[Data shown Boundary: Start]
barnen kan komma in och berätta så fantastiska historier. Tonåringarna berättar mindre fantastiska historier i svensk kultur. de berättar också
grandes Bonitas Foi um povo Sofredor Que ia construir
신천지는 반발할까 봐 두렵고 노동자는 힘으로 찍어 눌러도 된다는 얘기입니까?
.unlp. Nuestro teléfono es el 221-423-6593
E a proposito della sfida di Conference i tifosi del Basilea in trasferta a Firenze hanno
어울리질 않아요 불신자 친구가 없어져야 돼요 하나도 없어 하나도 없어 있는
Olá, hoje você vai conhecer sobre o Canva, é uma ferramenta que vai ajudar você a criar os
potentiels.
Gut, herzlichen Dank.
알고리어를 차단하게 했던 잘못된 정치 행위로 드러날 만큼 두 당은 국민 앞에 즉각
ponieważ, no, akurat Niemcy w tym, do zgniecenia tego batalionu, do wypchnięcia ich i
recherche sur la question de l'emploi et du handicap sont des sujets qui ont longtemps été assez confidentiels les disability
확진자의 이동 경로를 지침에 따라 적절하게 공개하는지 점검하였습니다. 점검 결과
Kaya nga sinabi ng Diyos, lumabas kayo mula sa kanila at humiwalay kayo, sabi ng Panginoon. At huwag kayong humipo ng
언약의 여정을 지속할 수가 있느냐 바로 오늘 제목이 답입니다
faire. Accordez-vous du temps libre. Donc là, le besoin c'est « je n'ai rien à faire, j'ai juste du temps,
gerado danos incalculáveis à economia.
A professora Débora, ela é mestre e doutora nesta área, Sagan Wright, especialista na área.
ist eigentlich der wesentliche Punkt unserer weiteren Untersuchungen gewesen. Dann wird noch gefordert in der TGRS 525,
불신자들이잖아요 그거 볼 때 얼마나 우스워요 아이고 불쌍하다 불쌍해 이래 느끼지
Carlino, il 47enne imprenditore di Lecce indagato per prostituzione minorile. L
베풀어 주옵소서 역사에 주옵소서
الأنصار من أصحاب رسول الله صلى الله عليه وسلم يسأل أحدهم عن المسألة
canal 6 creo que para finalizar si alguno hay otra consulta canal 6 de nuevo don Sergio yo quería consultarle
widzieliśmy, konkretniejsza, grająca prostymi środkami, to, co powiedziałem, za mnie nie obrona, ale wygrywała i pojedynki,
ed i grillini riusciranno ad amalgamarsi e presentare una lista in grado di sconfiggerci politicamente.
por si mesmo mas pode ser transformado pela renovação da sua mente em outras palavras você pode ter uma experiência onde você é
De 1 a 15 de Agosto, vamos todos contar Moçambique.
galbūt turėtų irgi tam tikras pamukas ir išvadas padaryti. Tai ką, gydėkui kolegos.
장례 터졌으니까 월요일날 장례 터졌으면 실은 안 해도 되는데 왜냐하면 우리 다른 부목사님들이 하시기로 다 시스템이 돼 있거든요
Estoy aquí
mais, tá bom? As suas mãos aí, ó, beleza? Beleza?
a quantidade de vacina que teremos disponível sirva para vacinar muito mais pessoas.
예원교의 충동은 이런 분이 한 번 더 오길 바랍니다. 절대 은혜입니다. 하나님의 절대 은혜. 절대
[Data shown Boundary: End]
Work item: Copy out each line of the listing that holds the word "mais".

Task result:
mais, tá bom? As suas mãos aí, ó, beleza? Beleza?
a quantidade de vacina que teremos disponível sirva para vacinar muito mais pessoas.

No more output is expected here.